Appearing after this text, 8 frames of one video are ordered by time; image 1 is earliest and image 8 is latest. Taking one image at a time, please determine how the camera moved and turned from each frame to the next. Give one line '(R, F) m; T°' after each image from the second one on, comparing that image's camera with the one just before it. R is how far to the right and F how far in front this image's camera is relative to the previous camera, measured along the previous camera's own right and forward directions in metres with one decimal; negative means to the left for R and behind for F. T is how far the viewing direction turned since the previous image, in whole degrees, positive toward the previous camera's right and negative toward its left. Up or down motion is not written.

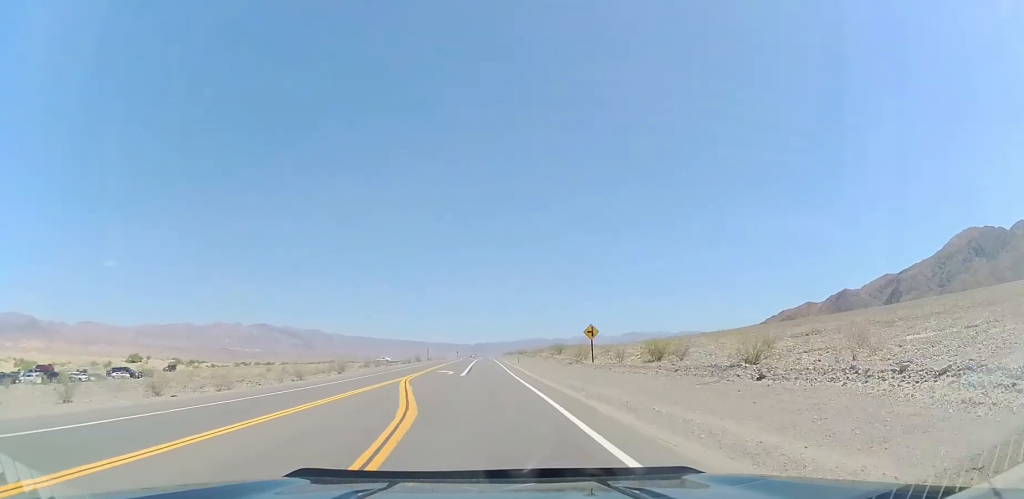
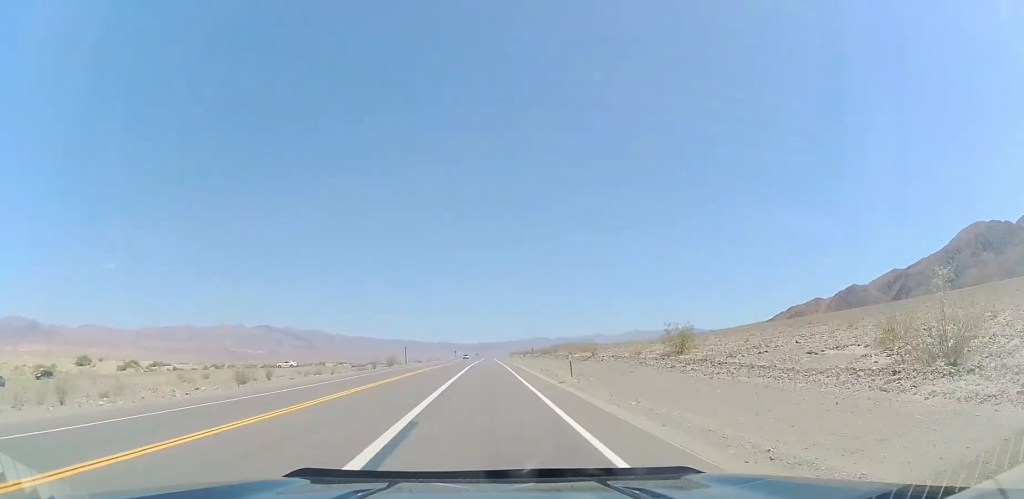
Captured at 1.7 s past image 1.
(+0.1, +45.8) m; -1°
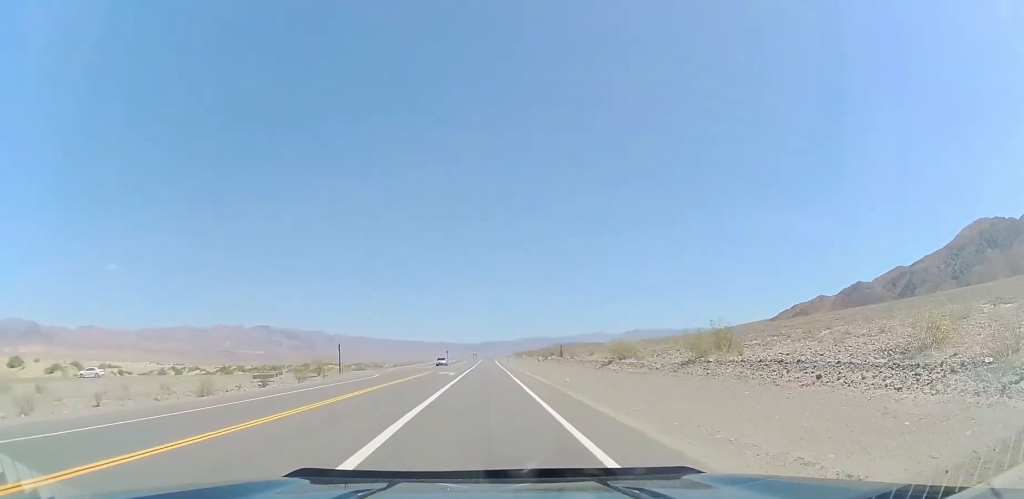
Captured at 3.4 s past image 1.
(-0.9, +46.4) m; -1°
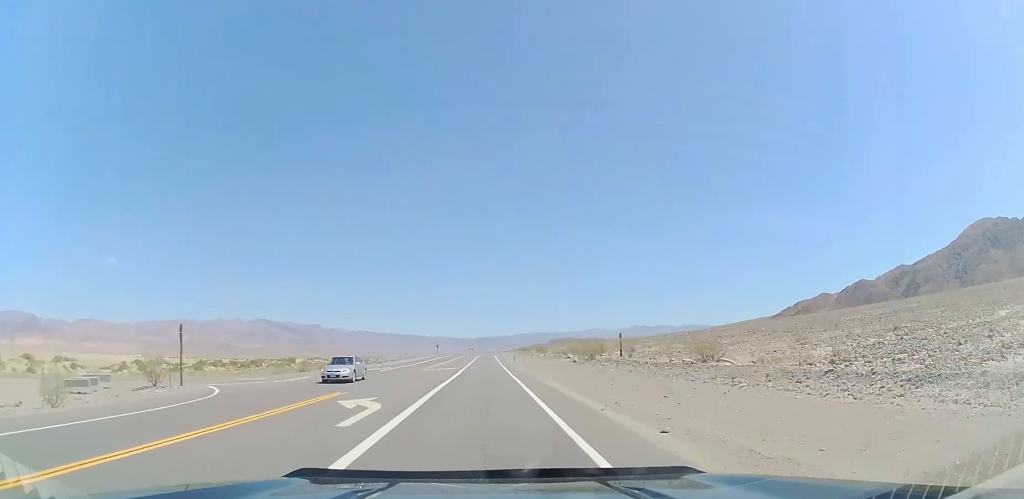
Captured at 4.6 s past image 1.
(+0.4, +32.1) m; 0°
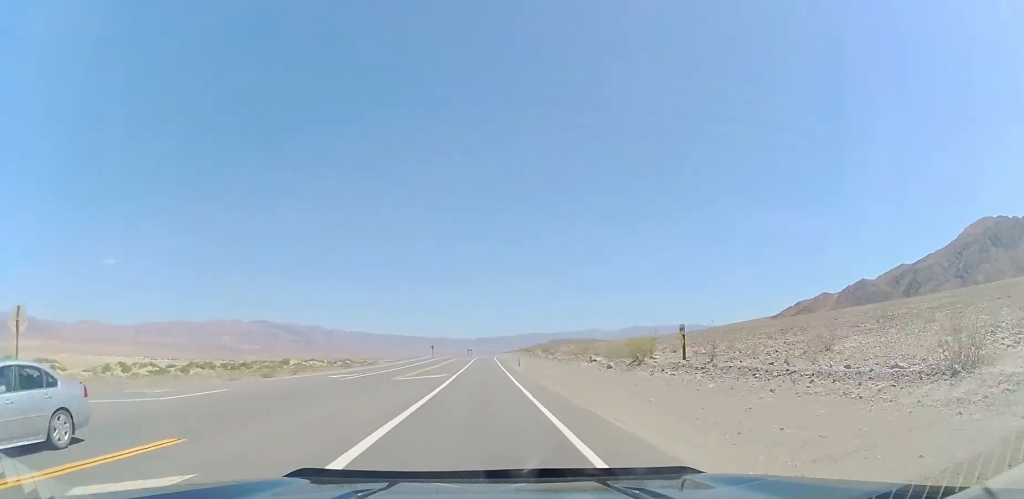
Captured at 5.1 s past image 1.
(-0.3, +12.5) m; 0°
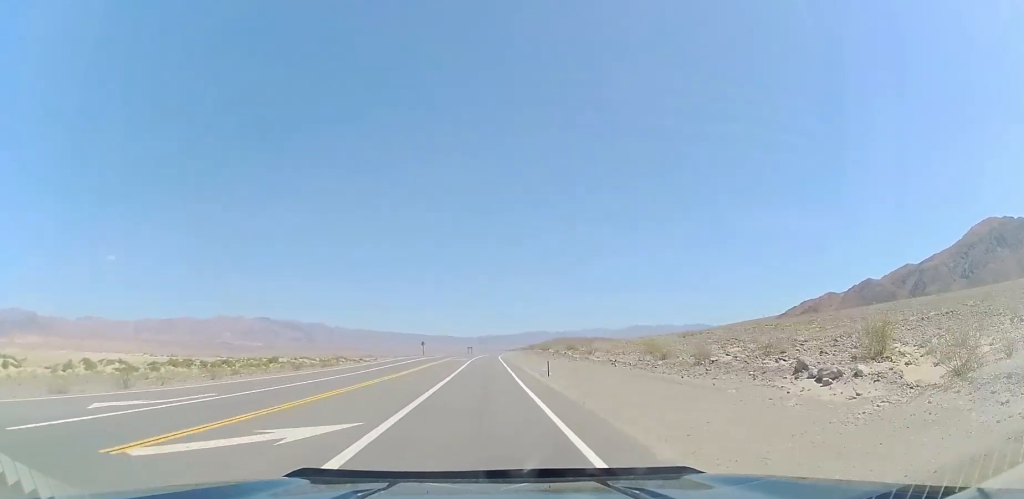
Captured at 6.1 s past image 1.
(+0.2, +27.6) m; 0°
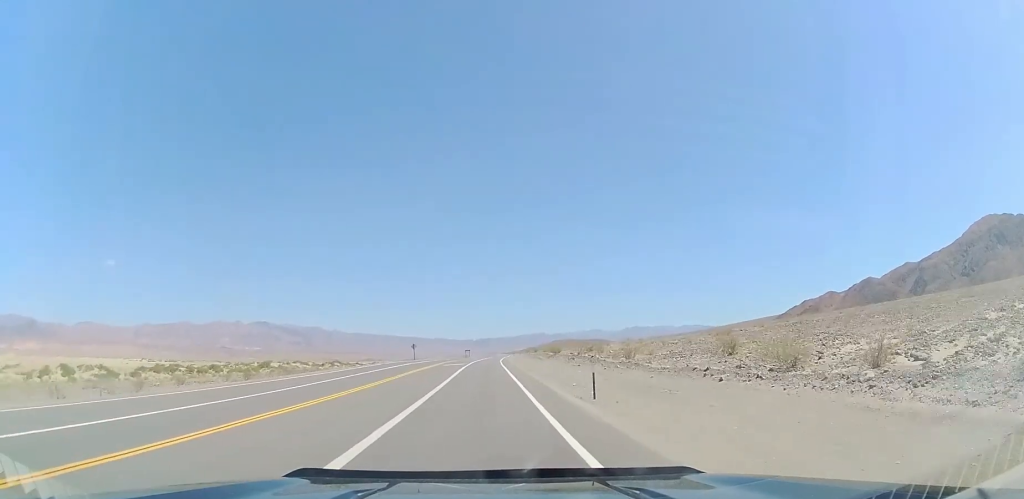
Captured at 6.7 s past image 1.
(+0.1, +14.2) m; 0°
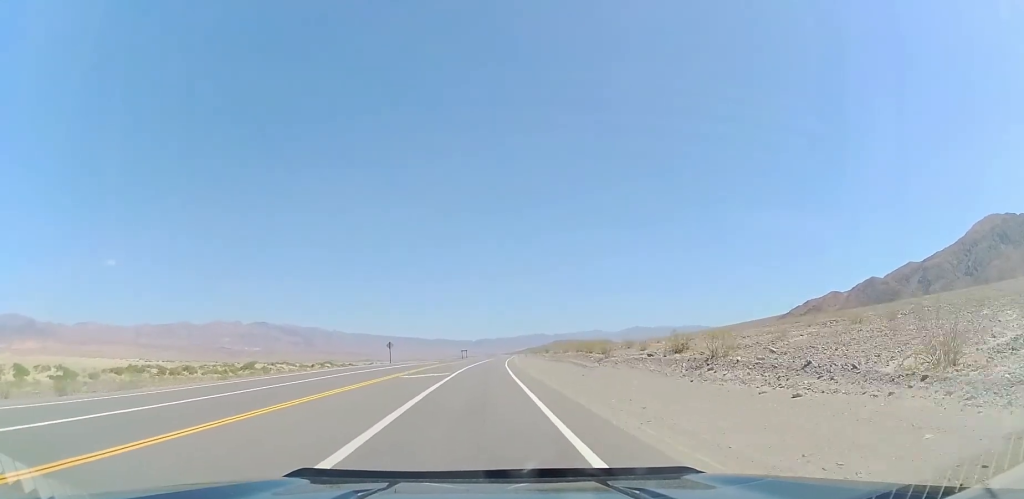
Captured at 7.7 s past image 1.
(-0.3, +27.5) m; 0°

- [Assignment]:
Give back the whole listing exactly; no pictures.

- [Output below]:
Appearing after this text, 8 frames of one video are ordered by time; image 1 is earliest and image 8 is latest. Taking one image at a time, please determine how the camera moved and turned from each frame to the next. Give one line '(R, F) m; T°' after each image from the second one on, comparing that image's camera with the one just before it. R is how far to the right and F how far in front this image's camera is relative to the previous camera, measured along the previous camera's own right and forward directions in metres with one decimal; negative means to the left for R and behind for F. T is how far the viewing direction turned since the previous image, in whole degrees, positive toward the previous camera's right and negative toward its left. Up or down motion is not written.

Captured at 1.7 s past image 1.
(+0.1, +45.8) m; -1°
Captured at 3.4 s past image 1.
(-0.9, +46.4) m; -1°
Captured at 4.6 s past image 1.
(+0.4, +32.1) m; 0°
Captured at 5.1 s past image 1.
(-0.3, +12.5) m; 0°
Captured at 6.1 s past image 1.
(+0.2, +27.6) m; 0°
Captured at 6.7 s past image 1.
(+0.1, +14.2) m; 0°
Captured at 7.7 s past image 1.
(-0.3, +27.5) m; 0°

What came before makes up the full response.